И вот настал день Парада Победы. До этого стояла теплая солнечная погода, а 24 июня небо затянули хмурые тучи, моросил мелкий дождь. Но это не испортило праздника.
Василий стоял в строю, слушал мелодичный перезвон курантов, и опять его охватило ощущение поступи истории. Казалось, совсем недавно стоял он здесь, на белой, будто седой от горя и потрясения, площади, припорошенной снегом. Где-то рядом, обложив Москву с трех сторон, рвались к ней фашисты. Нестовствовал в Берлине Гитлер, узнав о параде. И вот нет ни Гитлера, ни его армии. Прохладный дождичек освежает лицо. Спокойно и радостно на душе. Легко дышится свежим воздухом, очищенным летней влагой. И все же немного грустно: суровое небо, отдаленное ворчание грома напоминают о войне, о тех, кто никогда уже не встанет рядом.
На трибунах, усеянных блестящими, мокрыми зонтиками, плотно стояли москвичи и гости.
В 9 часов 55 минут на Мавзолей поднялись члены правительства, трибуны встретили их аплодисментами.
Переливисто прозвенели куранты. Командующий парадом — ордена закрывали грудь, как золотой кольчугой, — маршал Рокоссовский подал команду: «Парад, смирно!» — и, пустив коня красивой рысью, поскакал навстречу принимающему парад маршалу Жукову, которые выезжал на белом коне из-под арки Спасской башни. Оба маршала сидели на конях как истинные кавалеристы — развернута грудь, прямая спина, гордо вскинута голова.

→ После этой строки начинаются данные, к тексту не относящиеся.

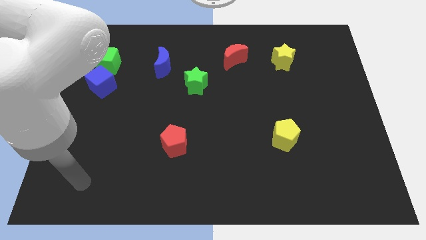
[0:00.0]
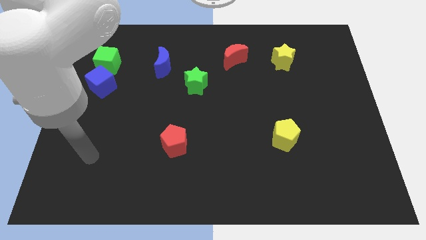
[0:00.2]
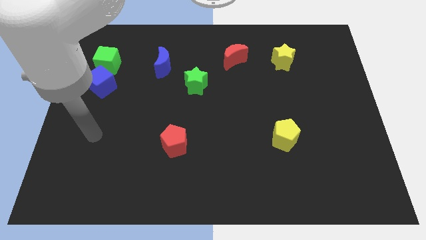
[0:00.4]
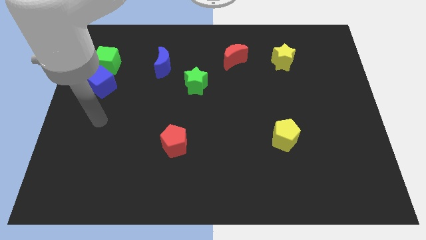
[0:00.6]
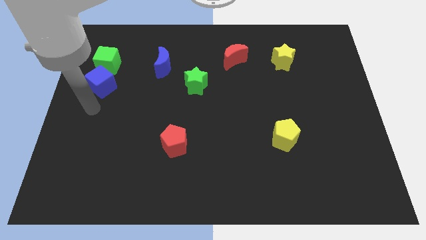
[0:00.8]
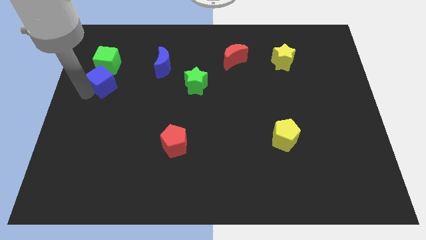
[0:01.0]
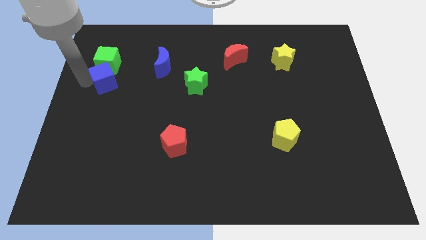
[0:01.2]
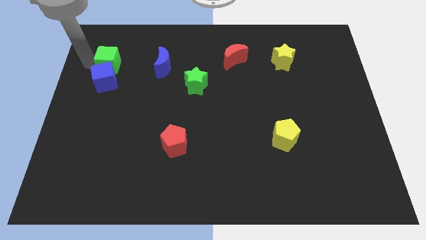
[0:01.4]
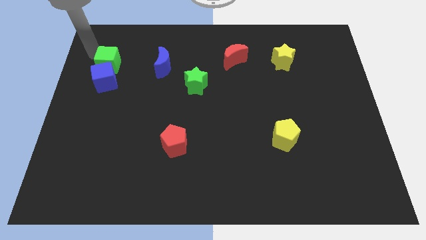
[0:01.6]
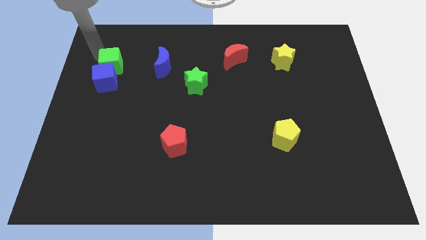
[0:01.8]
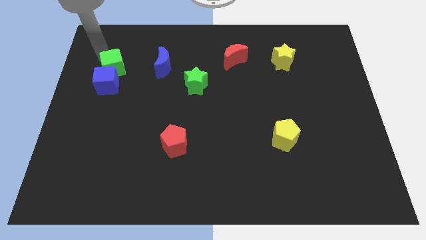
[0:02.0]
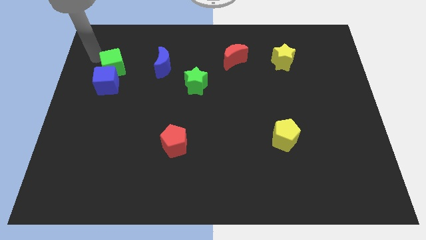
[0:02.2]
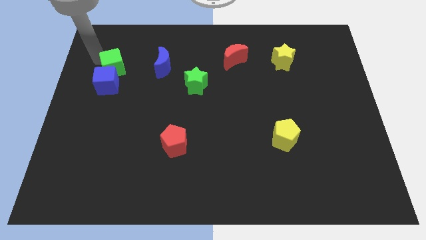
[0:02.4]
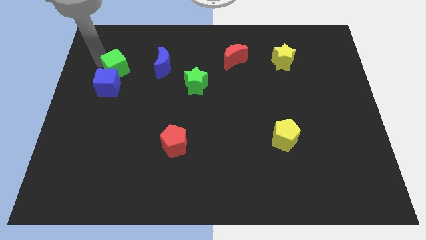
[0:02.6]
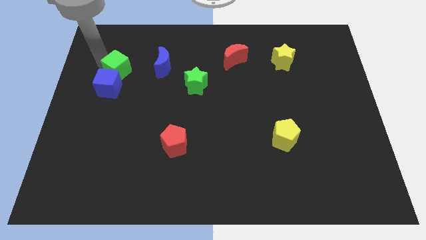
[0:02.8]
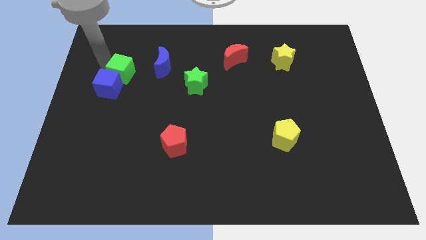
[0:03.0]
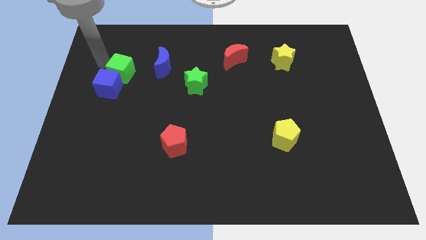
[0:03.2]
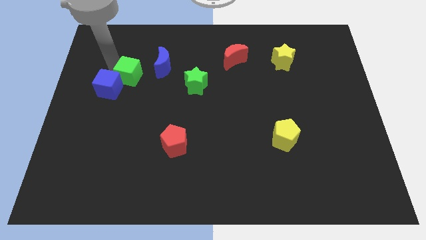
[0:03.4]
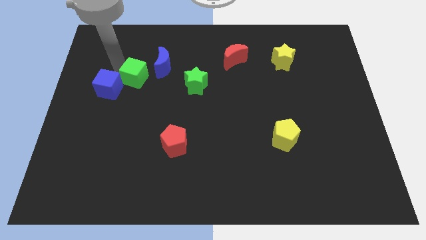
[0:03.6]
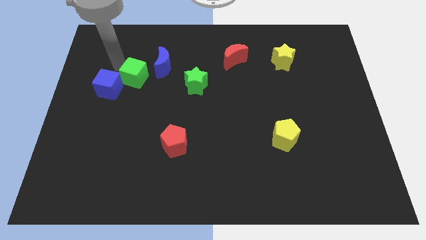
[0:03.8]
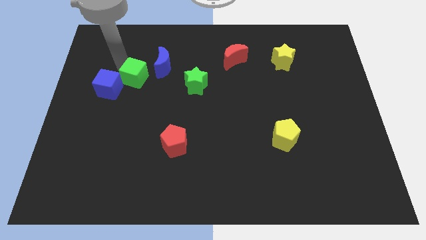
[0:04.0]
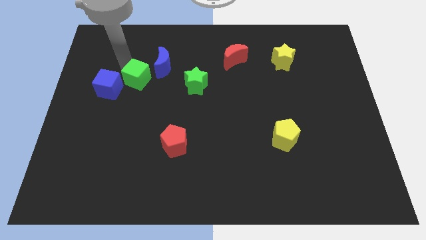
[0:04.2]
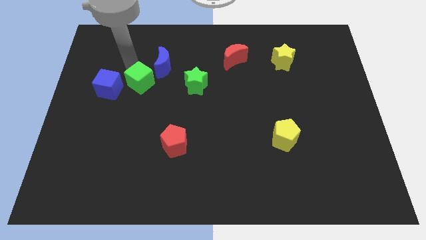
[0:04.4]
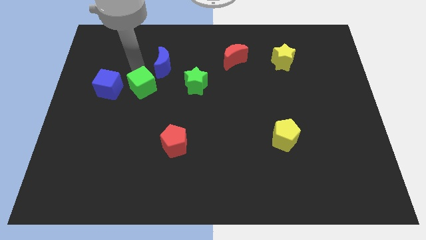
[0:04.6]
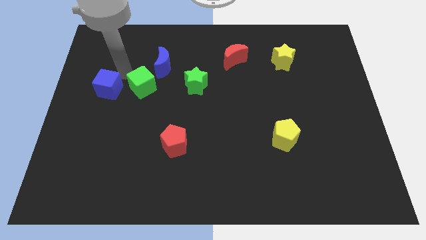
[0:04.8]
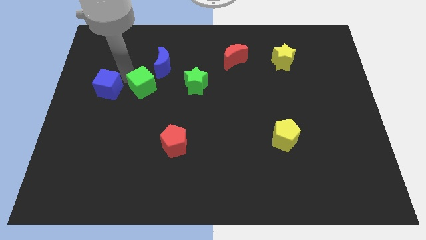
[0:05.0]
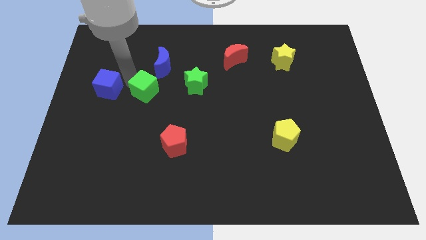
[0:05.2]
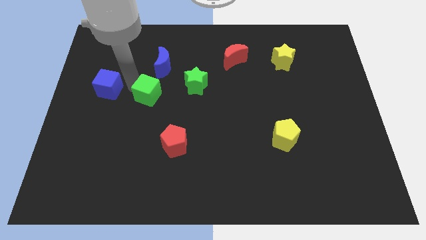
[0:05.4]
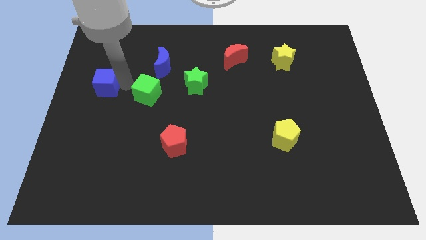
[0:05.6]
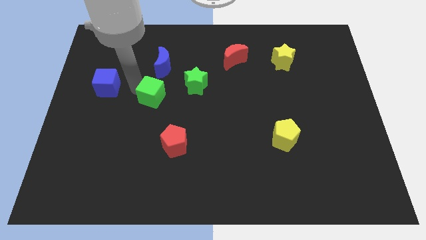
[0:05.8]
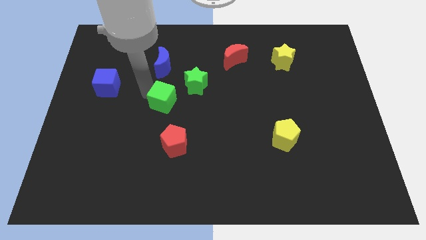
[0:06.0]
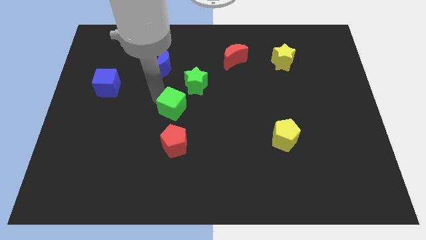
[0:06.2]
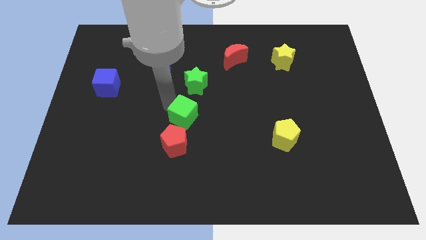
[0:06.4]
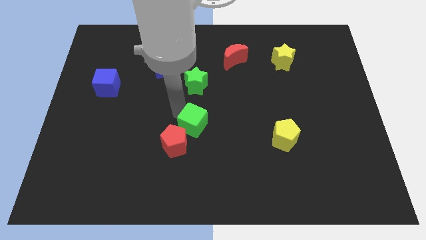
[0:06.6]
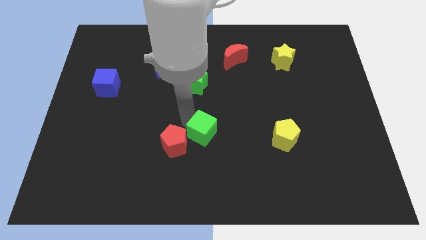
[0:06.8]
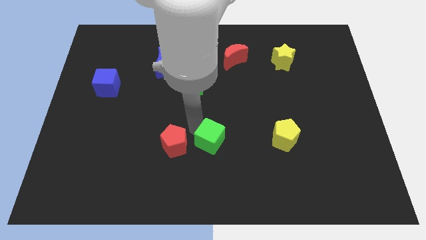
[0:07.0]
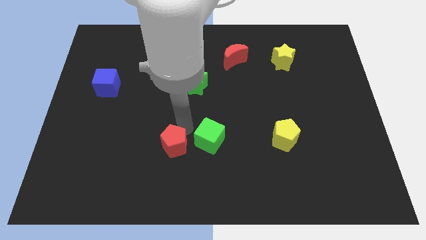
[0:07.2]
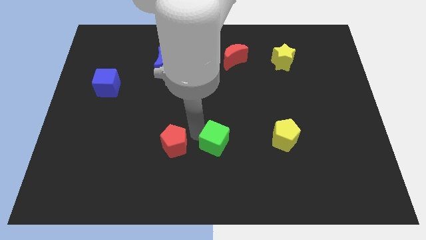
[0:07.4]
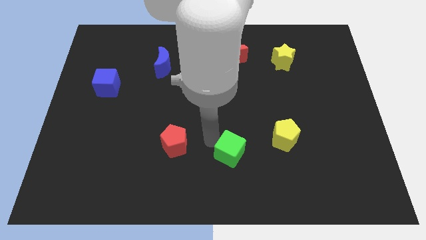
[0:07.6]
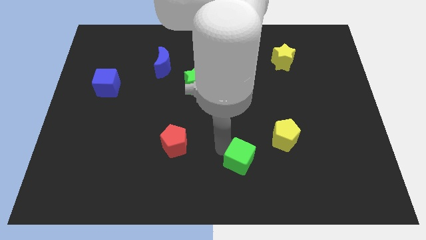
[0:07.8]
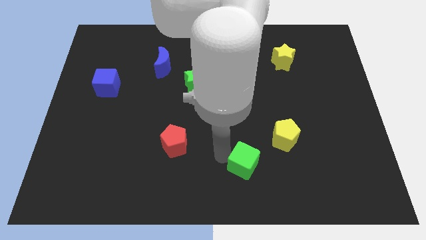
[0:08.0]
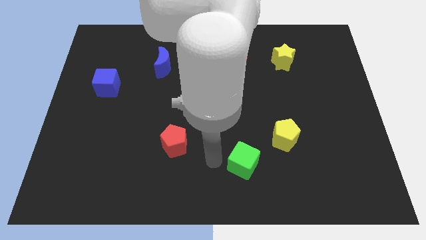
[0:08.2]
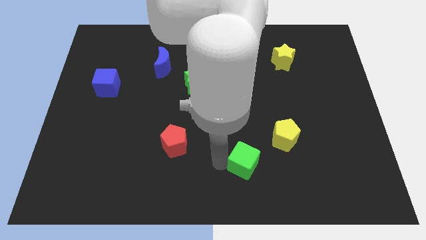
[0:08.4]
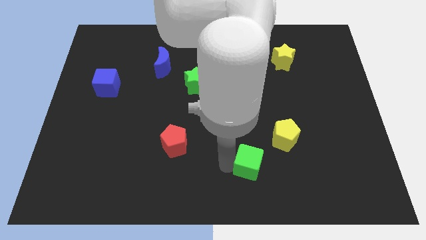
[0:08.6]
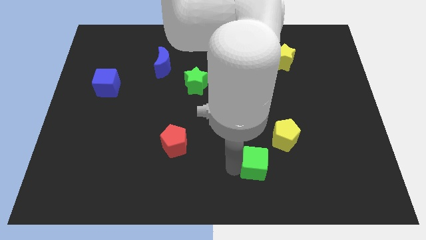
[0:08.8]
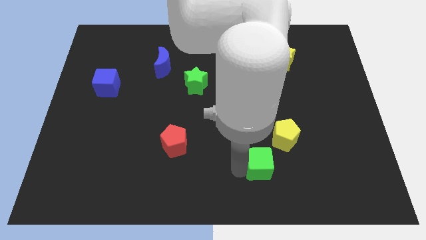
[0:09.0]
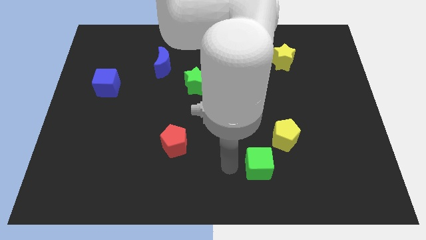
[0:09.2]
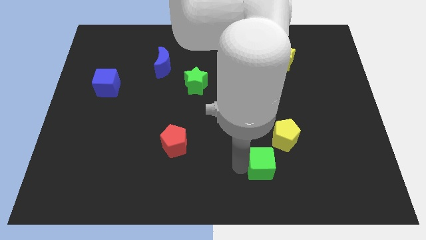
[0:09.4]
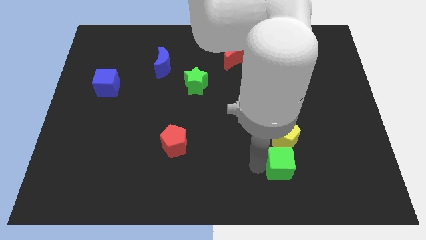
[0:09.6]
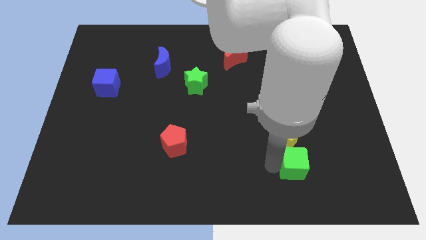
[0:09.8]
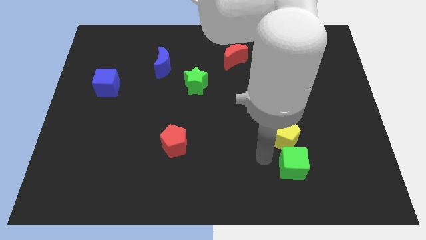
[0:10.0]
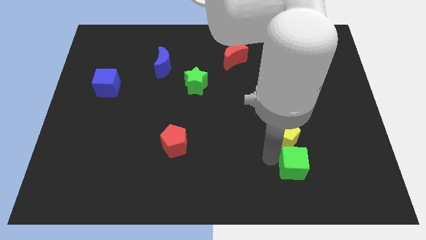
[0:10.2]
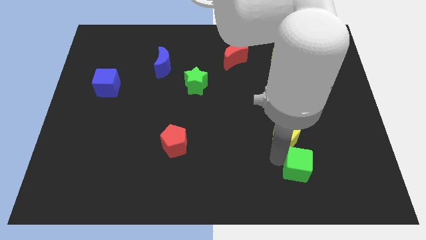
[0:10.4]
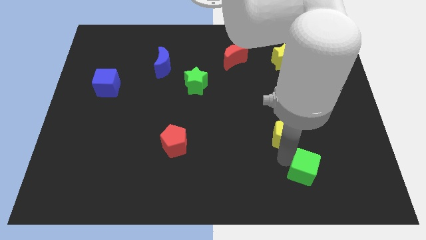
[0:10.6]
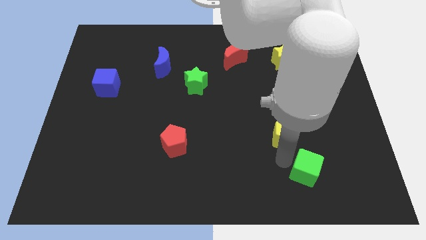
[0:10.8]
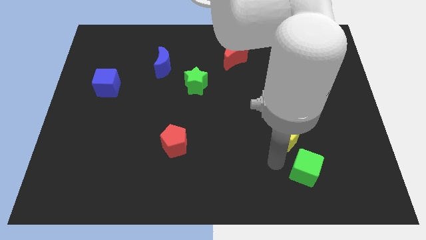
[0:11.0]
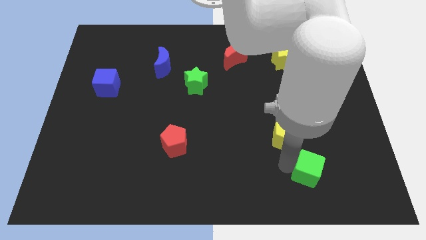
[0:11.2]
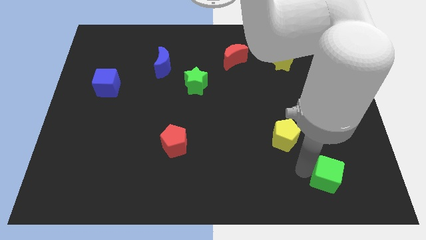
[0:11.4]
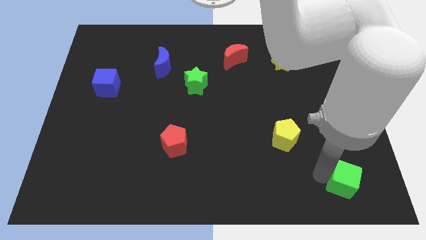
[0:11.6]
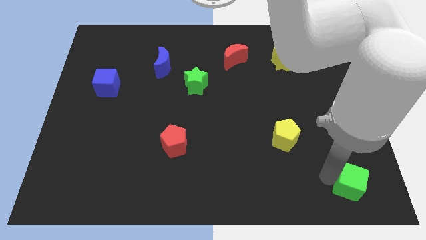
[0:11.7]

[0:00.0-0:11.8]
push the green cube to the bottom right corner

Маршалы объехали сначала полки действующей армии, потом академии и училища. Красивые лошади нетерпеливо перебирали ногами, когда их останавливали перед строем. Жуков здоровался и поздравлял с победой соратников по оружию. Он знал в лицо многих генералов, а его уж, конечно, знали все.

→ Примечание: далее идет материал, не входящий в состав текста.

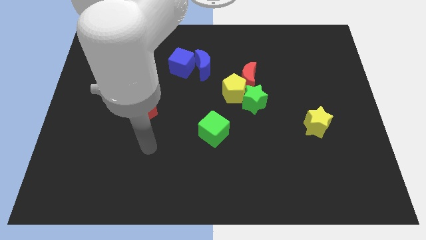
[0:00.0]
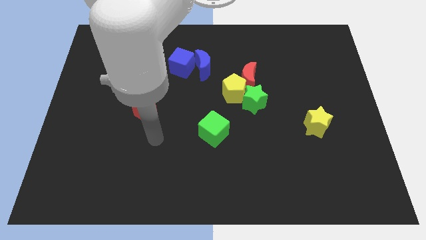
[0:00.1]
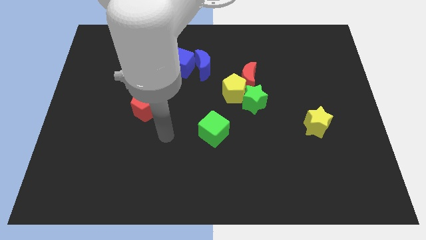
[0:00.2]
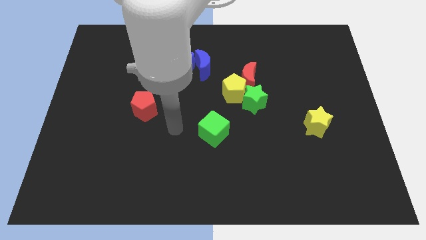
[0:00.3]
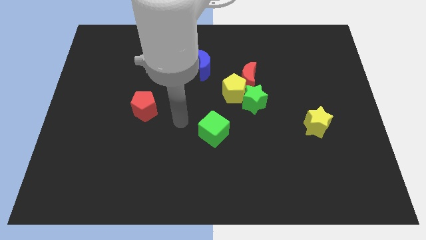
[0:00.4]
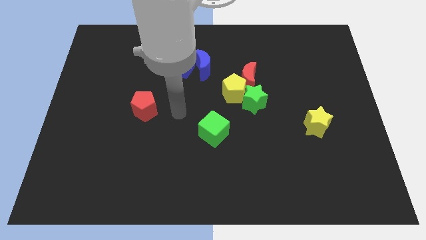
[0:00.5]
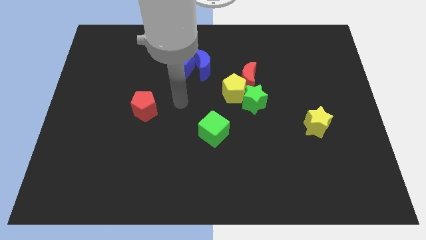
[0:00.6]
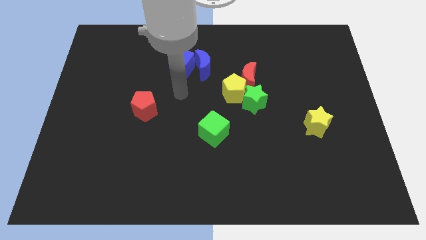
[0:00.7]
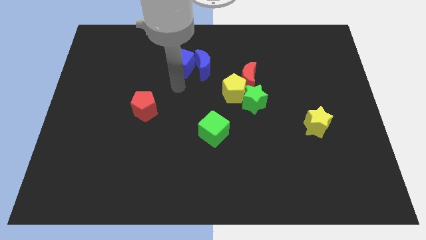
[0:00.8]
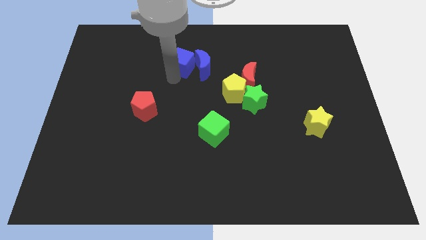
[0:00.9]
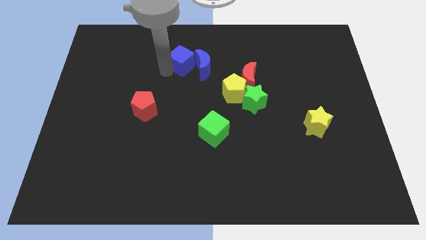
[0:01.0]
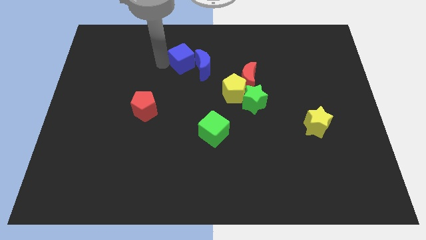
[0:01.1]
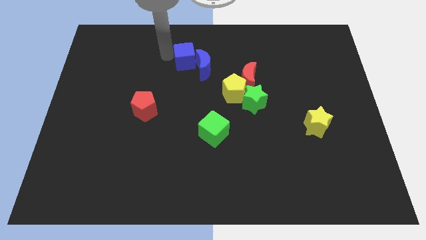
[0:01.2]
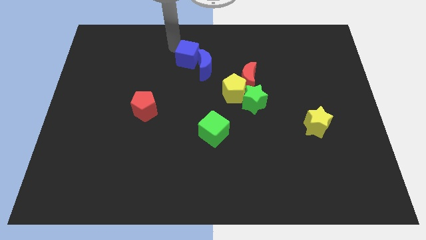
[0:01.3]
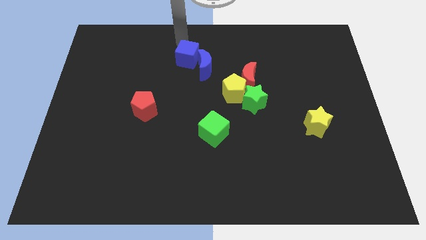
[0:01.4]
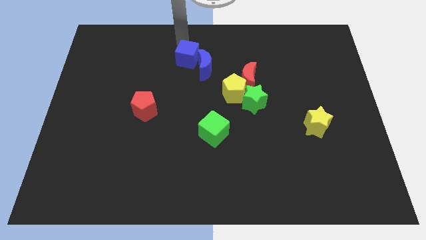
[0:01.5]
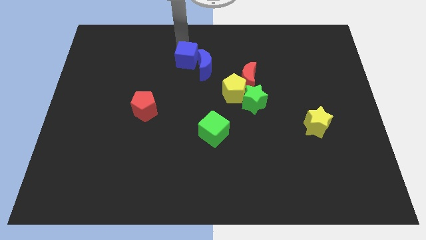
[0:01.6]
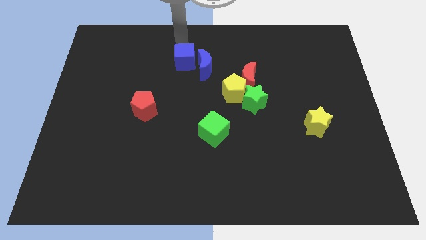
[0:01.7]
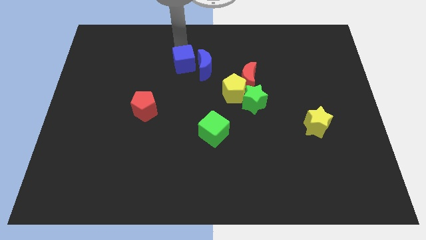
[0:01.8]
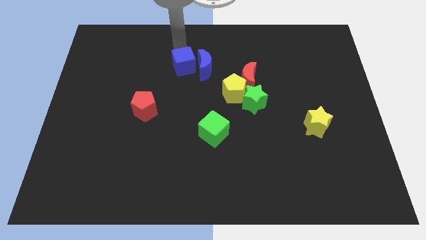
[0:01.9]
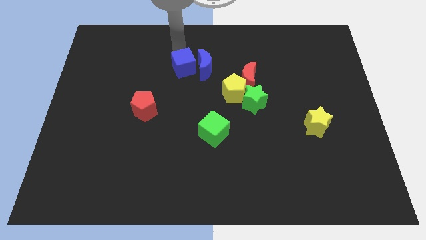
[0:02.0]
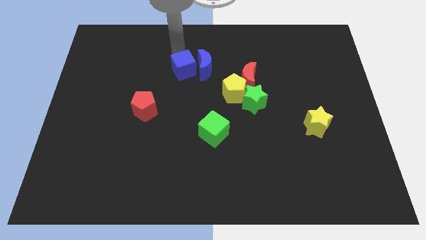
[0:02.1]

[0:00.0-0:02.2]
put the blue cube to the center

Жуков подъехал к полку 1-го Белорусского фронта, и Ромашкин увидел, что маршал сдержанно улыбается, как строгий, но добрый наставник, знающий и слабости, и достоинства своих питомцев. Белый конь, видно горячий и возбужденный, покорялся твердой руке маршала, стоял на месте, но мышцы играли от нетерпения под его шелковистой шкурой, ноздри раздувались, в агатовых глазах блестел не то огонь, не то отражение сияющего орденами строя.
Когда Жуков объехал войска и поднялся к микрофонам, чтобы произнести речь, оркестр — в нем было почти полторы тысячи музыкантов — исполнил гимн Глинки «Славься, русский народ!».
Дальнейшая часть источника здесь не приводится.